What is being asked:
Once the pictures are set aside, copy the records below exactly as they stand.

[Collected data]
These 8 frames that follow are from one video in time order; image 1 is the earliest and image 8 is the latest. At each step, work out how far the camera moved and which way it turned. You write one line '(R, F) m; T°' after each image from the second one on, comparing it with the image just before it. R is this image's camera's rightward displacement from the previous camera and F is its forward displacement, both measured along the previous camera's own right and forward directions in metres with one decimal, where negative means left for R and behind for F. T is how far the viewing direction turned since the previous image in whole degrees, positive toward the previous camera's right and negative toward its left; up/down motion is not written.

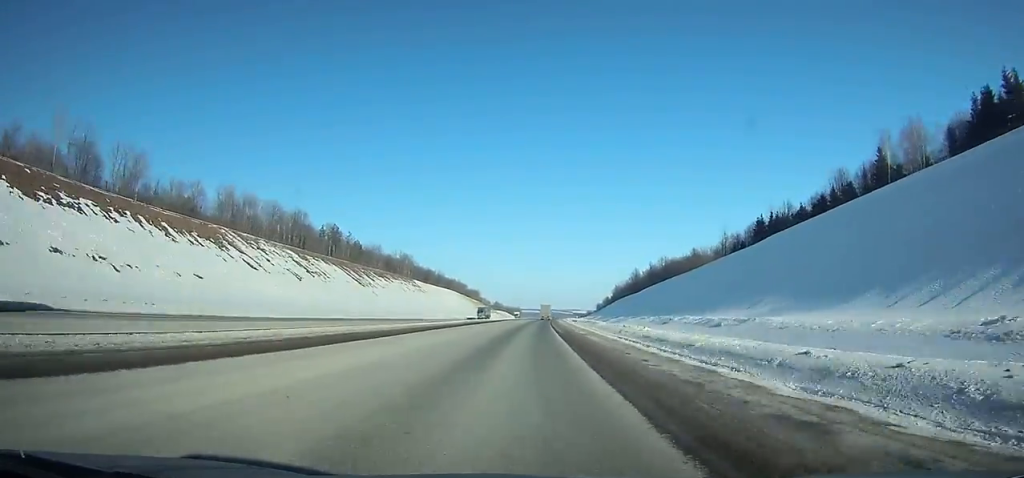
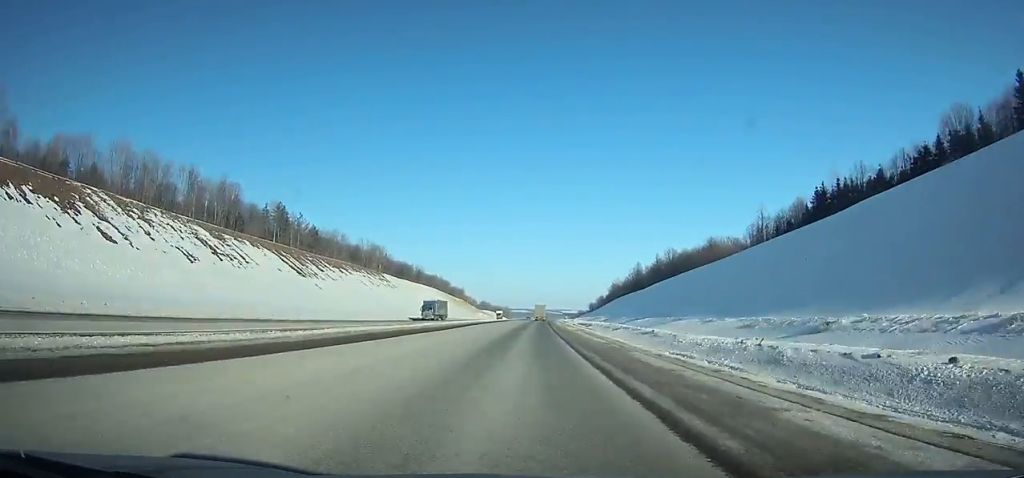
(+0.2, +40.3) m; +1°
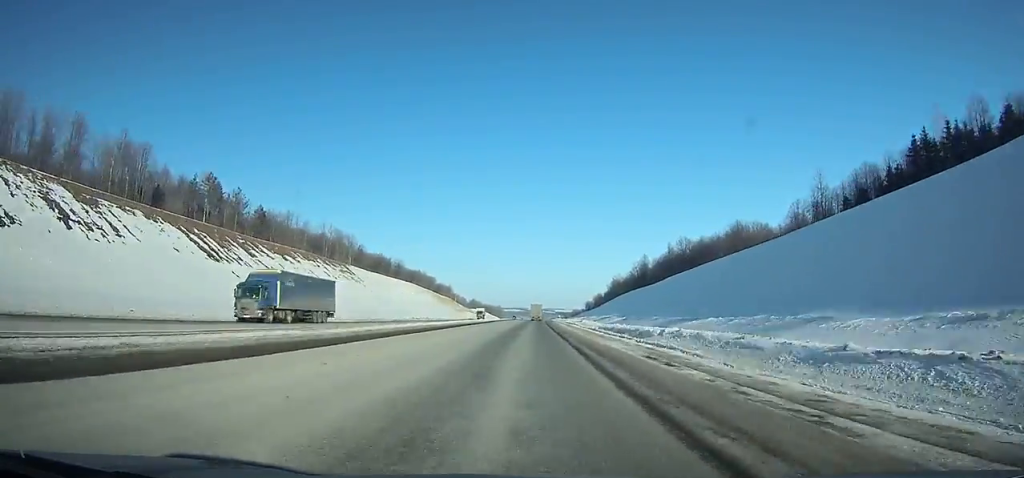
(+0.6, +37.4) m; +1°
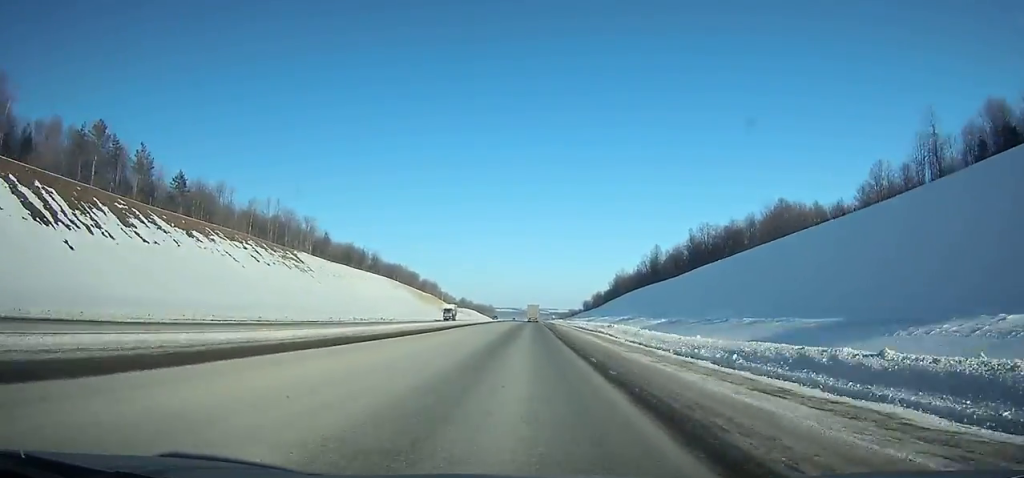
(+0.2, +40.4) m; +1°
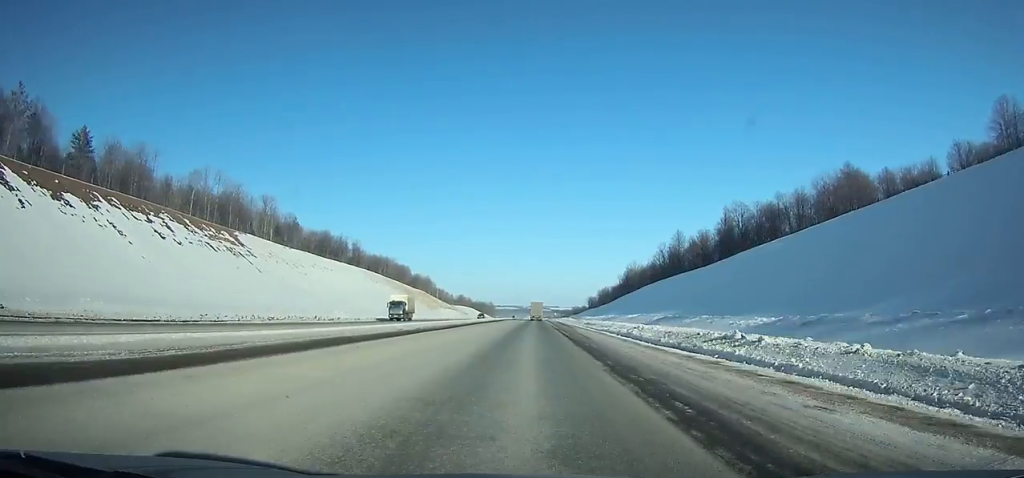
(+0.3, +34.2) m; 0°
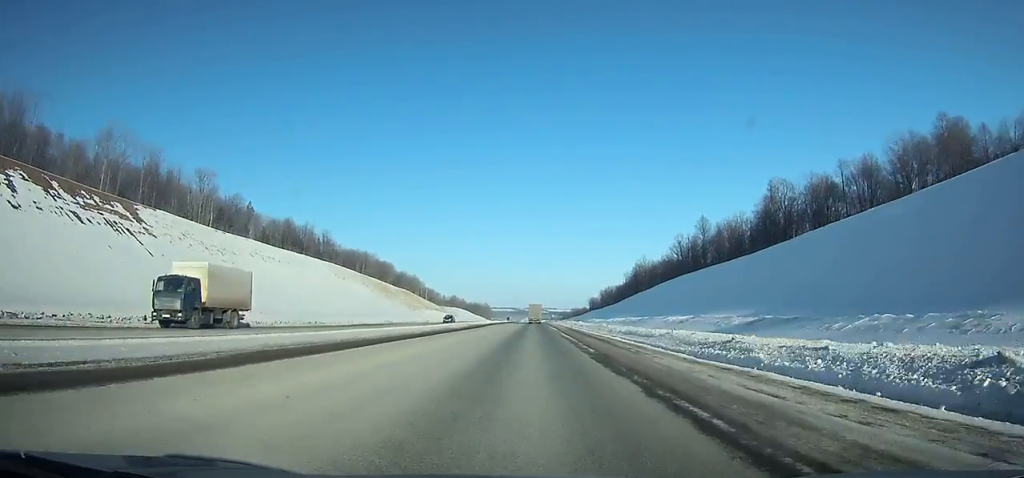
(+0.2, +34.2) m; 0°
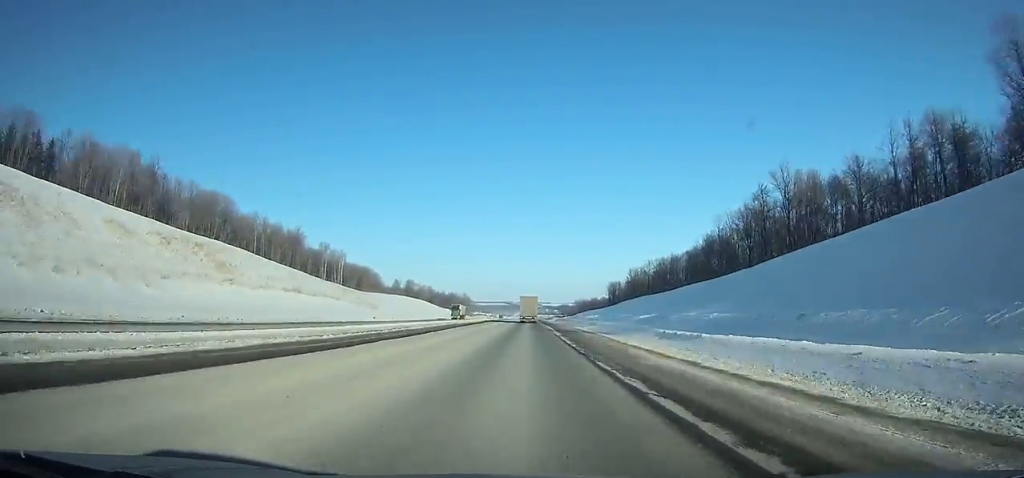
(+1.1, +157.2) m; 0°
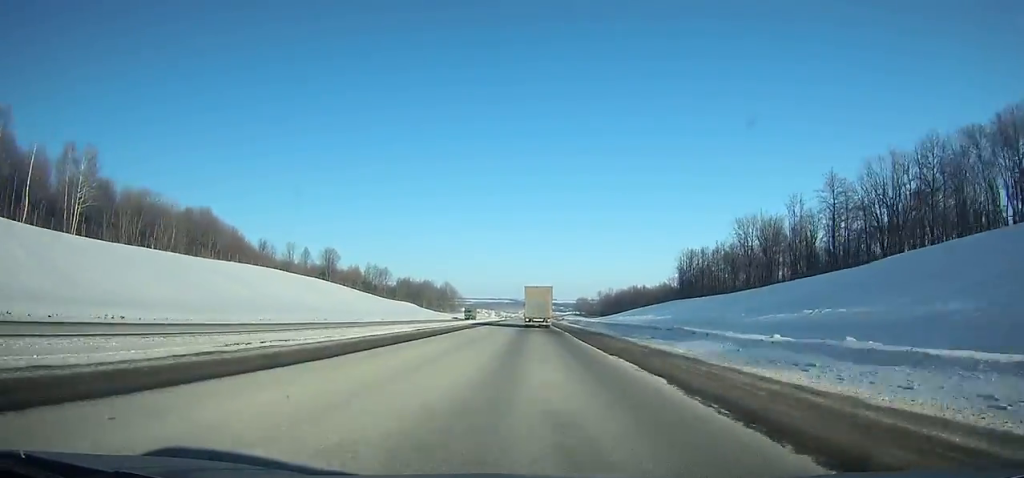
(-1.0, +158.1) m; -1°

Output:
These 8 frames that follow are from one video in time order; image 1 is the earliest and image 8 is the latest. At each step, work out how far the camera moved and which way it turned. You write one line '(R, F) m; T°' after each image from the second one on, comparing it with the image just before it. R is this image's camera's rightward displacement from the previous camera and F is its forward displacement, both measured along the previous camera's own right and forward directions in metres with one decimal, where negative means left for R and behind for F. T is how far the viewing direction turned since the previous image in whole degrees, positive toward the previous camera's right and negative toward its left; up/down motion is not written.

(+0.2, +40.3) m; +1°
(+0.6, +37.4) m; +1°
(+0.2, +40.4) m; +1°
(+0.3, +34.2) m; 0°
(+0.2, +34.2) m; 0°
(+1.1, +157.2) m; 0°
(-1.0, +158.1) m; -1°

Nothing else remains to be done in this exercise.